麦汁ろ過の工程で最初にもろみから自然に流れ出る「一番搾り麦汁」だけを使用することで、麦芽の上質なうまみを丁寧に引き出してビールをつくる製法を開発しました。渋みをおさえたまろやかな味わいのビールができます。

ビール系飲料の製造工程で、活性炭にプリン体を選択的に吸着させて取り除く技術を開発しました。活性炭には微細な空隙があり、プリン体を除去するのに最適なサイズを探し当てた世界初の特許技術です。

大豆たんぱくからアミノ酸や大豆ペプチドを生成し、糖を加えて加熱することで、深みのある味と香りと黄金色の液色を引き出す特許技術を開発しました。食品中のアミノ酸と糖を加熱することでうまみやコクを出すという、食品の世界ではよく知られている「アミノカルボニル反応」を応用したもので、カレーやおでんなどをじっくり煮込むほどおいしくなるのもこの反応によるものです。

リサーチ・マーケティングにより、糖質オフ・ゼロ商品市場を分析し、お客様の味覚への満足度が十分でないという潜在ニーズに着目して、「キリン のどごし<生>」で培った当社独自のコク味付与技術を採用し、深みのある味わいとボディ感をつくりあげました。また、カラメル麦芽による麦の香ばしさや、ファインアロマホップ、アロマホップによる引き締まった苦味が実感できる味わいに仕上げると同時に、カロリーオフ(栄養表示基準による)も実現しました。

酵母が働きやすい環境で新ジャンルの発酵を行い、高い発酵度とキレの向上を実現する技術を開発しました。

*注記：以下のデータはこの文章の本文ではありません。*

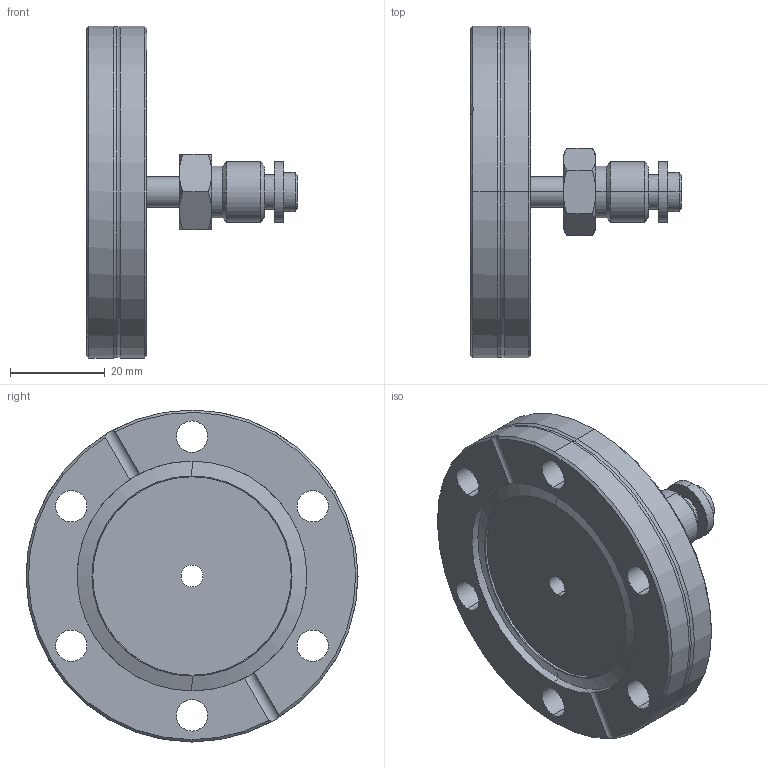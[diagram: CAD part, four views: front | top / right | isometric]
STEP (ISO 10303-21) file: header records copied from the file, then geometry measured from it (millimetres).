
FILE_DESCRIPTION (( 'STEP AP214' ), '1' );
FILE_NAME ('420AVM040-0250.stp', '2017-06-06T05:55:35', ( '' ), ( '' ), 'SwSTEP 2.0', 'SolidWorks 2015', '' );
FILE_SCHEMA (( 'AUTOMOTIVE_DESIGN' ));
Length unit declared in the file: millimetre
Products named in the file (1): 420AVM040-0250
Bounding box: 44.4 x 69.9 x 69.9 mm (x, y, z)
Volume: 46127.8 mm3; surface area: 15017.1 mm2
Topology: 2 solids, 2 shells, 98 faces, 229 edges, 140 vertices
Faces by surface type: cone 37, cylinder 36, plane 17, torus 6, bspline 2
Entity records: 4182 total; most frequent: CARTESIAN_POINT 756, DIRECTION 517, ORIENTED_EDGE 458, EDGE_CURVE 229, AXIS2_PLACEMENT_3D 225, VERTEX_POINT 140, CIRCLE 128, EDGE_LOOP 119

ビールテイスト飲料として世界で初めて※“アルコール0.00%”を実現しました。ビールの麦汁製造技術と香味調合技術を駆使して、酵母を一切使用せず、発酵させずに、飲みごたえのあるビールテイストを実現する技術です。
(※ビールテイスト飲料カテゴリーにおける。キリンビール調べ)

麦芽以外の原料を使う発泡酒や新ジャンルで生じる課題を解決するため、ビール酵母の遺伝子、遺伝子発現、タンパク質、代謝物、表現型の各レベルを総合的に評価し、活性を診断する最新技術を開発。品質や工程の改善、新商品開発に貢献する実用性が高く評価され、「2012年度農芸化学技術賞」を受賞しました。

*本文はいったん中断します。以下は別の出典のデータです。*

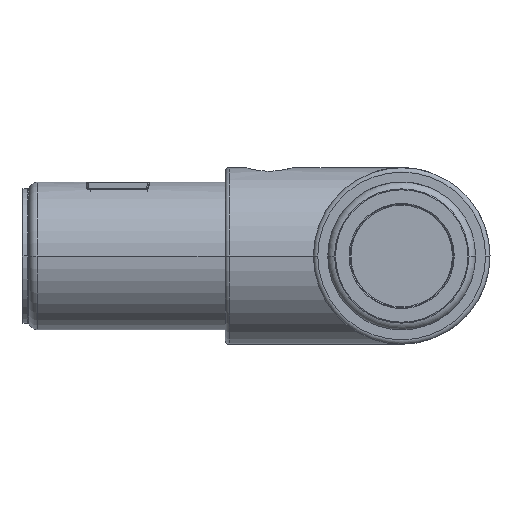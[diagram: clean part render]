
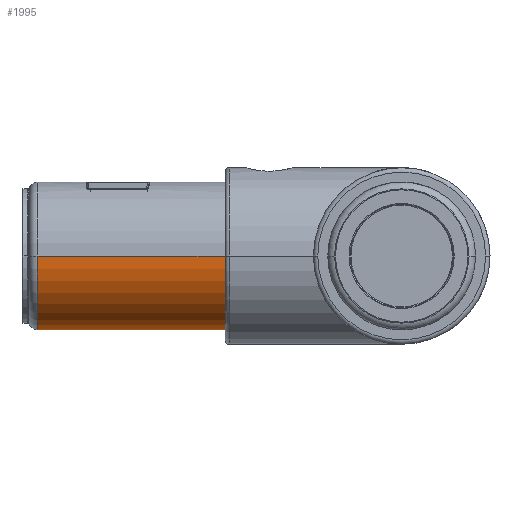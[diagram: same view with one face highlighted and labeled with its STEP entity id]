
A CAD part, left-side view. The second image highlights one B-rep face of the part: STEP entity #1995.
In plain terms, the highlighted cylindrical face has radius 16.75 mm (diameter 33.5 mm), a partial arc.
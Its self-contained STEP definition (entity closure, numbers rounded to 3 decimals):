
#826 = AXIS2_PLACEMENT_3D ( 'NONE', #7125, #9914, #8059 ) ;
#1042 = VECTOR ( 'NONE', #1272, 1000. ) ;
#1086 = CARTESIAN_POINT ( 'NONE',  ( 0., 16.75, 40. ) ) ;
#1272 = DIRECTION ( 'NONE',  ( 0., 0., -1. ) ) ;
#1663 = CARTESIAN_POINT ( 'NONE',  ( 0., 0., 40. ) ) ;
#1995 = ADVANCED_FACE ( 'NONE', ( #9248 ), #8934, .T. ) ;
#2125 = CARTESIAN_POINT ( 'NONE',  ( 0., -16.75, 84.5 ) ) ;
#2178 = CARTESIAN_POINT ( 'NONE',  ( 0., -16.75, 82.5 ) ) ;
#2447 = LINE ( 'NONE', #2125, #8996 ) ;
#2565 = EDGE_CURVE ( 'NONE', #4292, #9718, #2447, .T. ) ;
#2724 = CIRCLE ( 'NONE', #7317, 16.75 ) ;
#3166 = ORIENTED_EDGE ( 'NONE', *, *, #10922, .F. ) ;
#3450 = DIRECTION ( 'NONE',  ( 0., -1., 0. ) ) ;
#3820 = EDGE_CURVE ( 'NONE', #9718, #8698, #5777, .T. ) ;
#3907 = ORIENTED_EDGE ( 'NONE', *, *, #2565, .T. ) ;
#3972 = EDGE_CURVE ( 'NONE', #6979, #4292, #2724, .T. ) ;
#4292 = VERTEX_POINT ( 'NONE', #2178 ) ;
#5597 = DIRECTION ( 'NONE',  ( 0., 0., -1. ) ) ;
#5777 = CIRCLE ( 'NONE', #6703, 16.75 ) ;
#5870 = DIRECTION ( 'NONE',  ( 0., 0., -1. ) ) ;
#5950 = CARTESIAN_POINT ( 'NONE',  ( 0., 16.75, 84.5 ) ) ;
#5974 = LINE ( 'NONE', #5950, #1042 ) ;
#6703 = AXIS2_PLACEMENT_3D ( 'NONE', #1663, #7185, #3450 ) ;
#6979 = VERTEX_POINT ( 'NONE', #9076 ) ;
#7125 = CARTESIAN_POINT ( 'NONE',  ( 0., 0., 84.5 ) ) ;
#7185 = DIRECTION ( 'NONE',  ( 0., 0., 1. ) ) ;
#7317 = AXIS2_PLACEMENT_3D ( 'NONE', #9197, #5597, #11204 ) ;
#7947 = ORIENTED_EDGE ( 'NONE', *, *, #3820, .T. ) ;
#8059 = DIRECTION ( 'NONE',  ( 0., 1., 0. ) ) ;
#8698 = VERTEX_POINT ( 'NONE', #1086 ) ;
#8934 = CYLINDRICAL_SURFACE ( 'NONE', #826, 16.75 ) ;
#8996 = VECTOR ( 'NONE', #5870, 1000. ) ;
#9076 = CARTESIAN_POINT ( 'NONE',  ( 0., 16.75, 82.5 ) ) ;
#9197 = CARTESIAN_POINT ( 'NONE',  ( 0., 0., 82.5 ) ) ;
#9248 = FACE_OUTER_BOUND ( 'NONE', #11692, .T. ) ;
#9718 = VERTEX_POINT ( 'NONE', #11254 ) ;
#9914 = DIRECTION ( 'NONE',  ( 0., 0., -1. ) ) ;
#10922 = EDGE_CURVE ( 'NONE', #6979, #8698, #5974, .T. ) ;
#11204 = DIRECTION ( 'NONE',  ( 0., -1., 0. ) ) ;
#11254 = CARTESIAN_POINT ( 'NONE',  ( 0., -16.75, 40. ) ) ;
#11485 = ORIENTED_EDGE ( 'NONE', *, *, #3972, .T. ) ;
#11692 = EDGE_LOOP ( 'NONE', ( #11485, #3907, #7947, #3166 ) ) ;

国産ブドウを使用したファインワインの品質向上に取り組んでいます。2009年の第7回「国産ワインコンクール」で、「シャトーメルシャン」シリーズなど3品が金賞、3品が最優秀カテゴリー賞を受賞するなど、その品質は高く評価されています。

メルシャンは、キリンビールと共同で、ワインの品質保持性を強化した「ワインのためのペットボトル」を開発し、この容器を使用したワインを2010年から全国で販売しています。従来のガラス瓶の商品と比べて重量が軽く、リサイクル可能な環境に優しい仕様です。

ワインと魚介を組み合わせたときに感じる生臭みが「におい」であり、ワイン中の鉄が関与することを解明し、国内外で大きな注目を集めました。

箱の四隅を切り落とした「コーナーカットカートン」を開発しました。持ち運びやすく、紙の使用量を削減できるほか、独自の設計により高速での箱詰めにも対応できます。世界包装コンテストでワールドスター賞を受賞しました。

箱の中に特製の袋を入れたバッグインボックスのタイプのパッケージです。蛇口の取り付け位置を下げ、箱に「コーナーカット」や「傾け機能」を持たせることで、中味が少なくなってからの注ぎ残しを少なくすることができるようになりました。